* PROBLEM STATEMENT
Report every line of the records below that contains the word "shows".

-- TASK INPUTS follows --

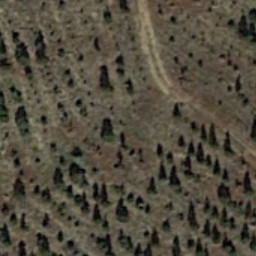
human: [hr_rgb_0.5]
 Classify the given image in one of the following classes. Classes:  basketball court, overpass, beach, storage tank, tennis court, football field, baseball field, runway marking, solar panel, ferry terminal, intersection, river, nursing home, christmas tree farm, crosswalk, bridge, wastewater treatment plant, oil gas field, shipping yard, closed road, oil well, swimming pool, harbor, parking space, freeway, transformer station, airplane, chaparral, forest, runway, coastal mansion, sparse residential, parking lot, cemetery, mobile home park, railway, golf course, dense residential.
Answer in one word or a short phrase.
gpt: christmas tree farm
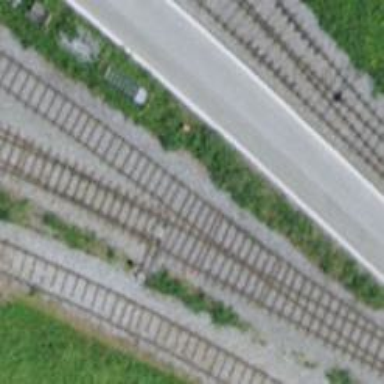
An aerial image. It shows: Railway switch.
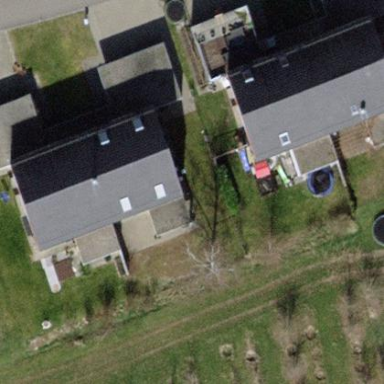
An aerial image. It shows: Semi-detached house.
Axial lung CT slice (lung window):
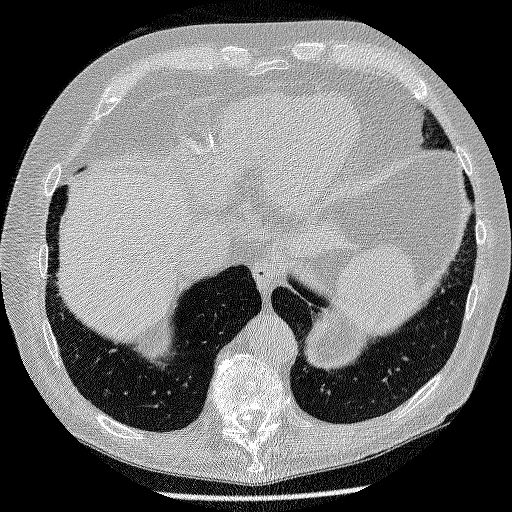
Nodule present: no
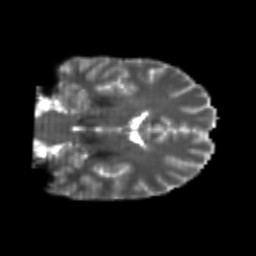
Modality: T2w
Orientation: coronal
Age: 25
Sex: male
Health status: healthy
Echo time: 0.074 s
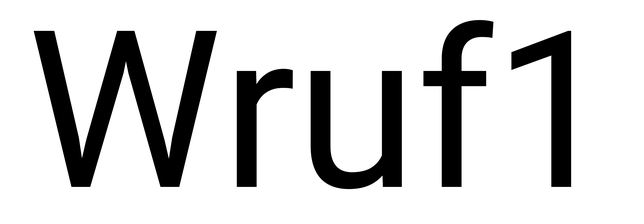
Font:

-- TASK INPUTS concluded --

* RESPONSE FOR THIS EXERCISE
An aerial image. It shows: Railway switch.
An aerial image. It shows: Semi-detached house.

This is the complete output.